Laughing at life

Martha Gellhorn and Ernest Hemingway in China, 1941
Everyone's had them - those journeys that have moments of pure horror. Now by this I don't mean genuine horror - not the sort of horror you would feel, for example, if you were a war correspondent, but just enough to give the journey a certain comically awful twist, which will be regaled for years afterwards to tears of laughter.

My particular anecdotes of this sort would be the cheese that followed me across Europe; and then there was the time I was lost in a French forest with a lion on the loose - this would have been rather more horrible if I'd known that there was a big cat on the loose at the time, instead I sailed through the forest of Versailles completely oblivious until I met a gendarme armed to the teeth who asked me if I'd noticed a lion! And then there was the time I was stranded at Paddington Station in a blizzard steadfastly reading Peter Fleming's account of an even scarier train journey in News from Tartary.

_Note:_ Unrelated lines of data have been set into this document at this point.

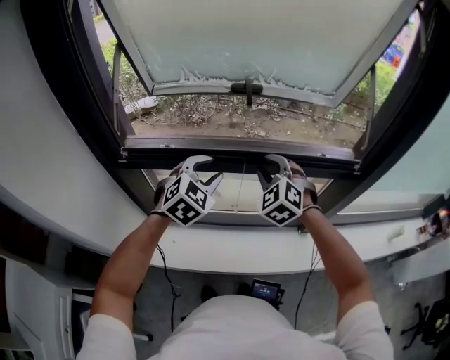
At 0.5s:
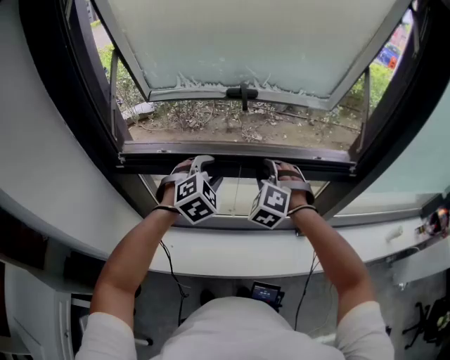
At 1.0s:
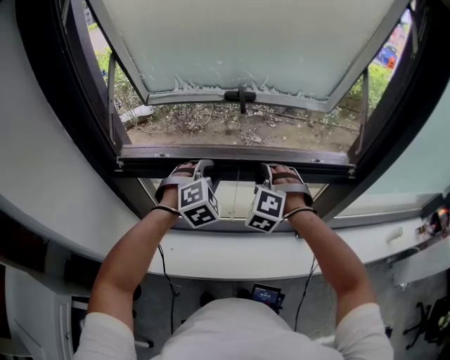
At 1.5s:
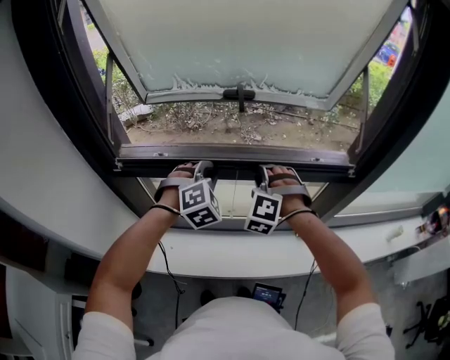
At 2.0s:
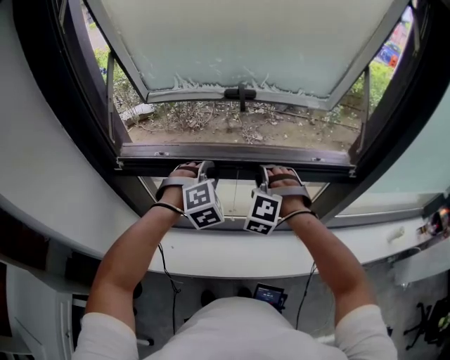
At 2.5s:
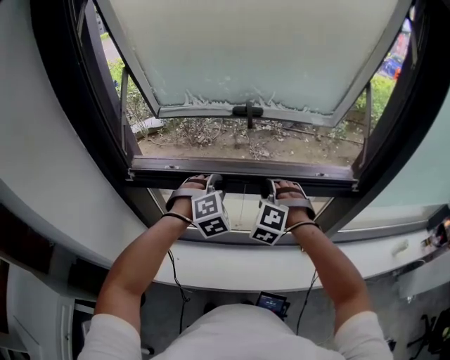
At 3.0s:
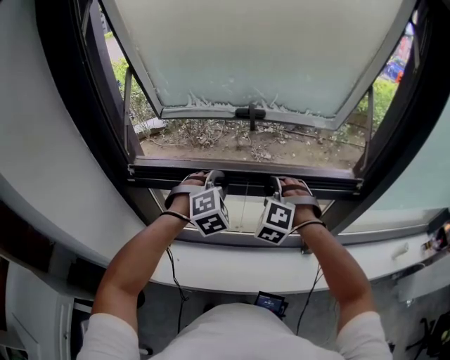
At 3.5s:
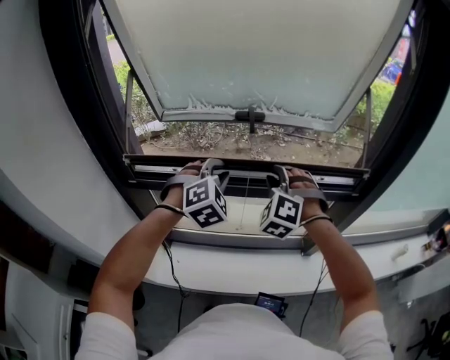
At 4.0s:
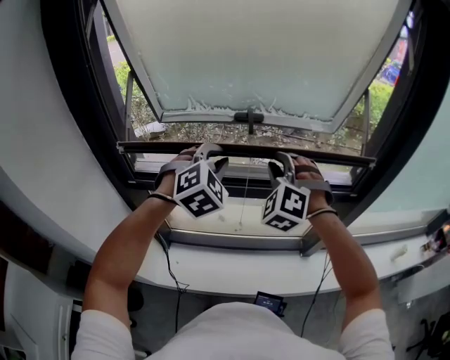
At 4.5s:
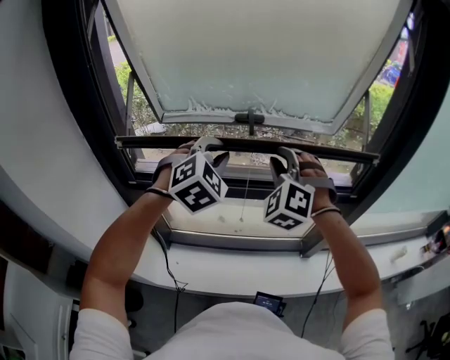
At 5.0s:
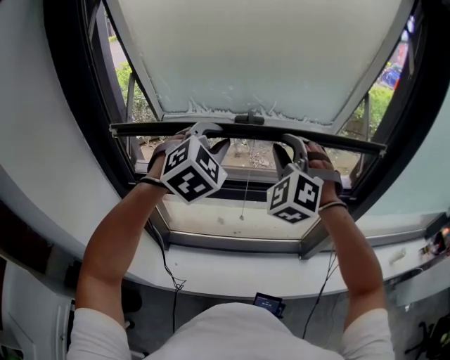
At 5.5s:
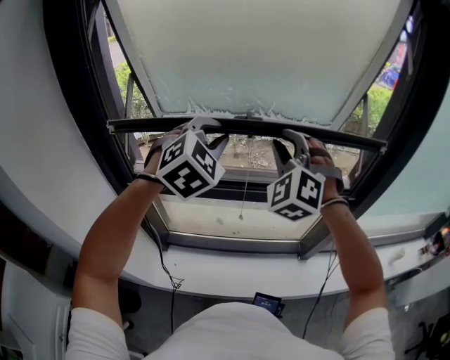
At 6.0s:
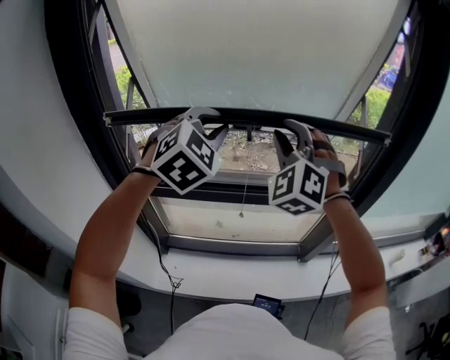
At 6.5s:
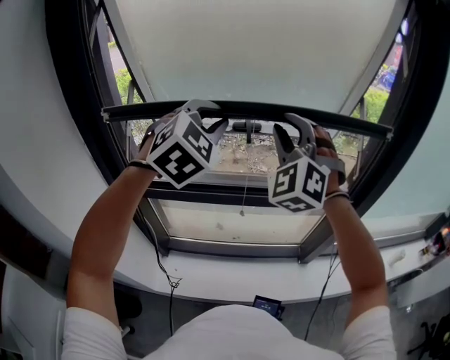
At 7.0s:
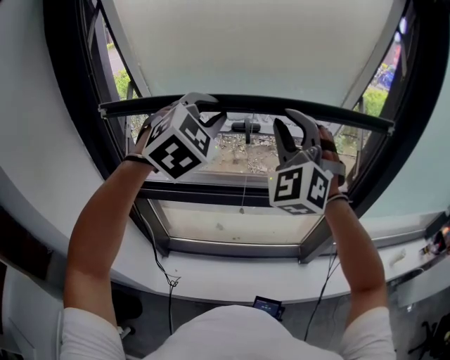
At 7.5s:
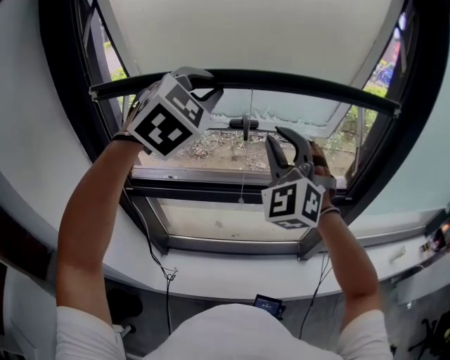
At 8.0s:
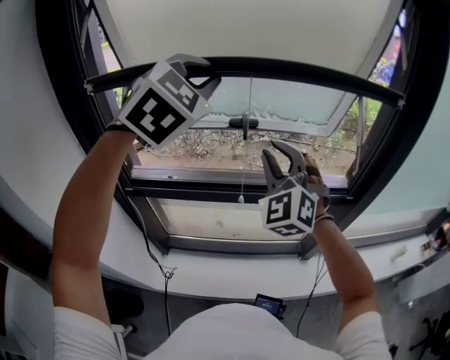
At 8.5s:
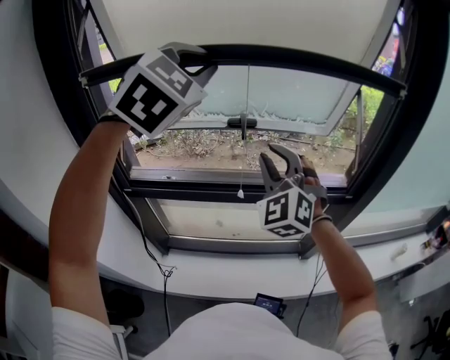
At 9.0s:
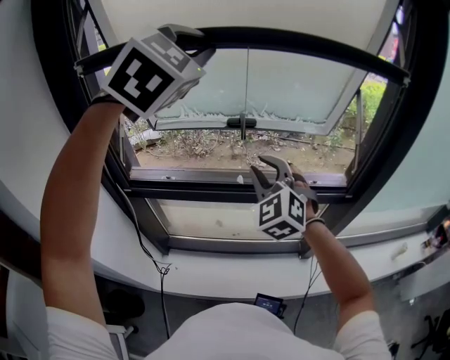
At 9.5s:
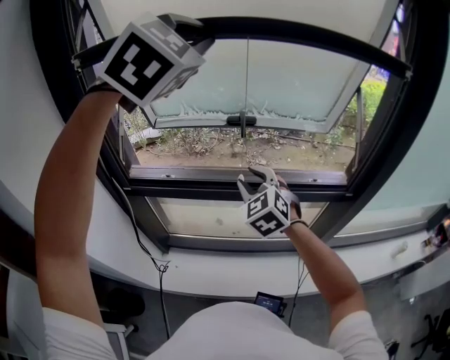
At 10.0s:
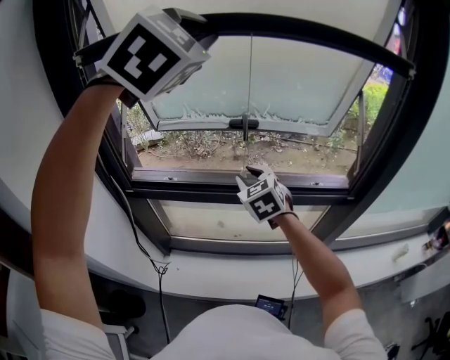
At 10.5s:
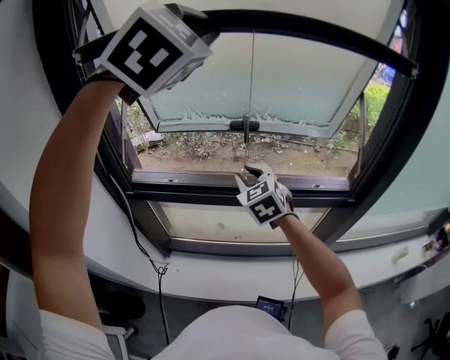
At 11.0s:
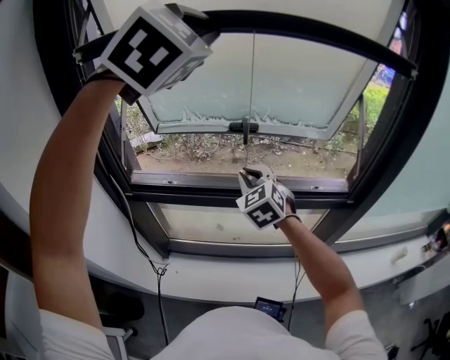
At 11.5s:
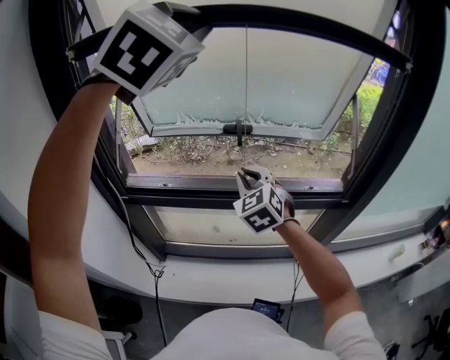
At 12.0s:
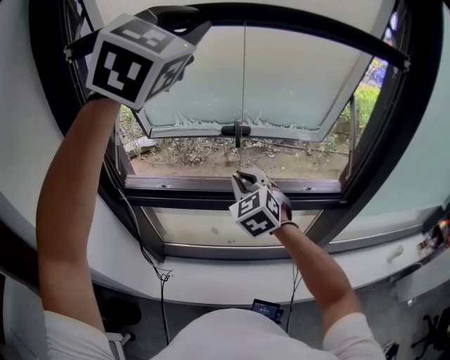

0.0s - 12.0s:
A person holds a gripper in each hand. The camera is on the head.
0.0s - 2.0s: The left gripper changes its angle by some 30 degrees, and closes up; the right gripper swivels roughly 30 degrees.
2.0s - 4.0s: The two grippers go roughly 15 cm upward.
4.0s - 6.0s: Both grippers move upward, some 15 cm.
6.0s - 8.0s: The left gripper moves upward, about 10 cm.
8.0s - 10.0s: The left gripper travels upward by roughly 10 cm, while the right gripper goes roughly 15 cm downward, and turns by about 40 degrees.
10.0s - 12.0s: The right gripper closes.

I've long admired Martha Gellhorn, she was a great writer, one of the first (possibly the first) female war correspondent, who never let her sex get in the way of anything she wanted to do. She's opinionated, virtually unflappable, extraordinarily brave, and hilariously funny. She started her career writing for Collier's magazine in Madrid at the height of the Spanish Civil War. She later reported from the beaches of Normandy, stowing herself away on a ship to get there after Ernest Hemingway, who she was then married to, adroitly pinched her accreditation. One of her proudest moments was when her request for a visa to South Vietnam was refused by the American military who were so incensed by a series of articles she had written for The Guardian newspaper.

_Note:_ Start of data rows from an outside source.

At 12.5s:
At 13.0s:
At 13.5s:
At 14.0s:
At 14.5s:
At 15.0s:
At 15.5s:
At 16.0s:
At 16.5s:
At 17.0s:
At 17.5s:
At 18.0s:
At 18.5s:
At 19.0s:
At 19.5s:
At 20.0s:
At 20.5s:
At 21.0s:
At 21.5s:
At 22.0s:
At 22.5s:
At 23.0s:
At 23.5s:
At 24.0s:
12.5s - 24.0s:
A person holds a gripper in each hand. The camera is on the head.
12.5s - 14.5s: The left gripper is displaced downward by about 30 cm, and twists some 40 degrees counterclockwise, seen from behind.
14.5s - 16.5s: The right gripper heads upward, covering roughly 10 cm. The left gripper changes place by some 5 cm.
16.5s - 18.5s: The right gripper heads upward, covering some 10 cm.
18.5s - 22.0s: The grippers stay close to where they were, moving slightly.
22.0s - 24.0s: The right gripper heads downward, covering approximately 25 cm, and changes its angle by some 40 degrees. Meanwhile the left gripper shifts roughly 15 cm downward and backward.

Travels with myself and another (the Another is Hemingway who features in the first of Gellhorn's "best horror journeys") contains memories of five of Gellhorn's travels spanning most of her career, starting with a journey to China in the early 1940s in which Gellhorn and Hemingway met Chiang Kai-Shek, avoided cholera and Japanese bombs, and realised that the Communists were going to take over China (they later told the American government this and were branded Fellow-travellers for their pains). Later journeys include a search for u-boats in the Caribbean, a journey in early post-colonial Africa, a visit to dissidents in Brezhnev's Russia, and life with the hippies of Eilat.

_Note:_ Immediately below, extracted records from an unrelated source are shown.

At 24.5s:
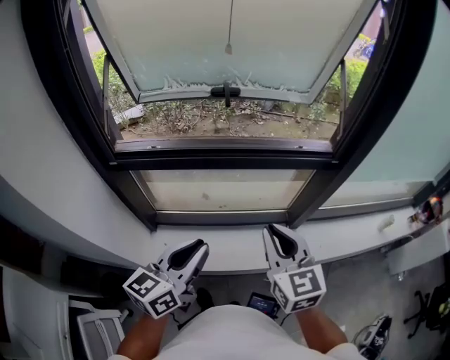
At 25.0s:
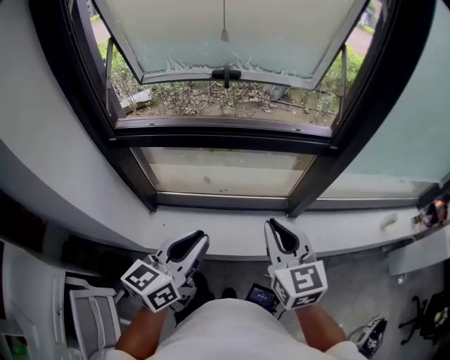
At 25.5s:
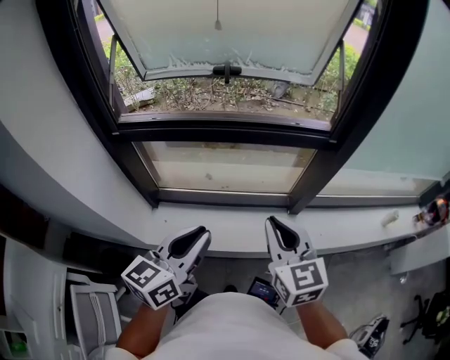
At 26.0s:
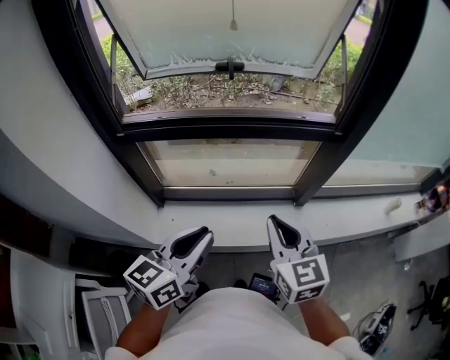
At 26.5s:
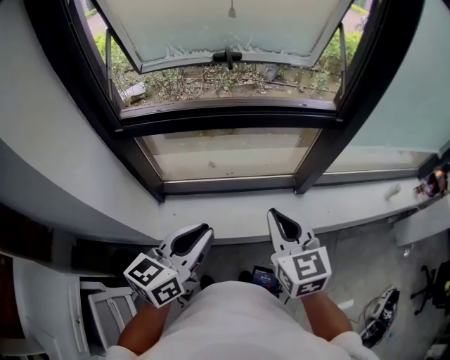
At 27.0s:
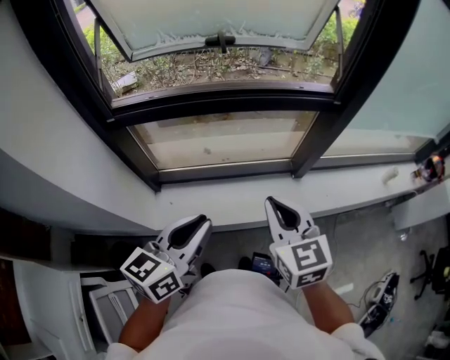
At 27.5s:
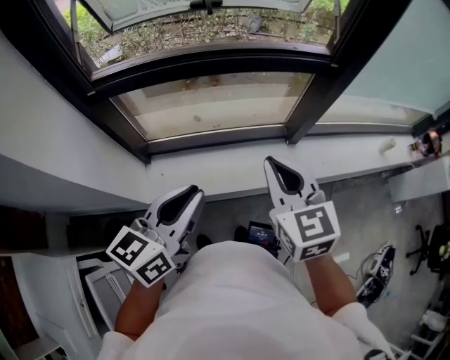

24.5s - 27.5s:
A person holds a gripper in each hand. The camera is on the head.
24.5s - 26.0s: Both grippers travel together backward, roughly 5 cm.
26.0s - 27.5s: The grippers make only small movements.

Although you might not want to be bombed by the Japanese, or risk being eaten by a crocodile having got your car stuck in an African river, or even be stoned out of your head on the shores of the Red Sea, most of these narratives didn't actually strike me as being true horror journeys - with the exception of the Chinese and Russian trips. There were certainly moments where you wondered what else could go wrong, but Gellhorn has a great gift for humour, and there was many a laugh-aloud moment in even the grimmest story. And she writes beautifully, even if sometimes you are going to disagree with her opinions.

For me the ultimate horror story was the most surprising. Gellhorn had never wanted to go to the Soviet Union, I have always been the complete opposite, I have wanted to go to Russia ever since the first time I saw a production of Petrushka on the TV when I was about 6 years old. Much against her better judgement, she visted after corresponding with a Russian dissident (my guess would be that this was Osip Mandelstam's widow, Nadezhda, who'd recently published several books about their lives). Gellhorn's writing here is fabulous, she vividly evokes the claustrophobia of living in a police state. Living in a state in which everybody, virtually, behaves abominably, and in which hardly anyone really knows what's happening in the outside world. At moments hilariously funny, it is also genuinely chilling.

For a taster of Martha Gellhorn this book cannot be bettered. Wonderful writing, and guaranteed to either give you wanderlust, or just thank God that you are safely at home. Whichever it is, it's a great read.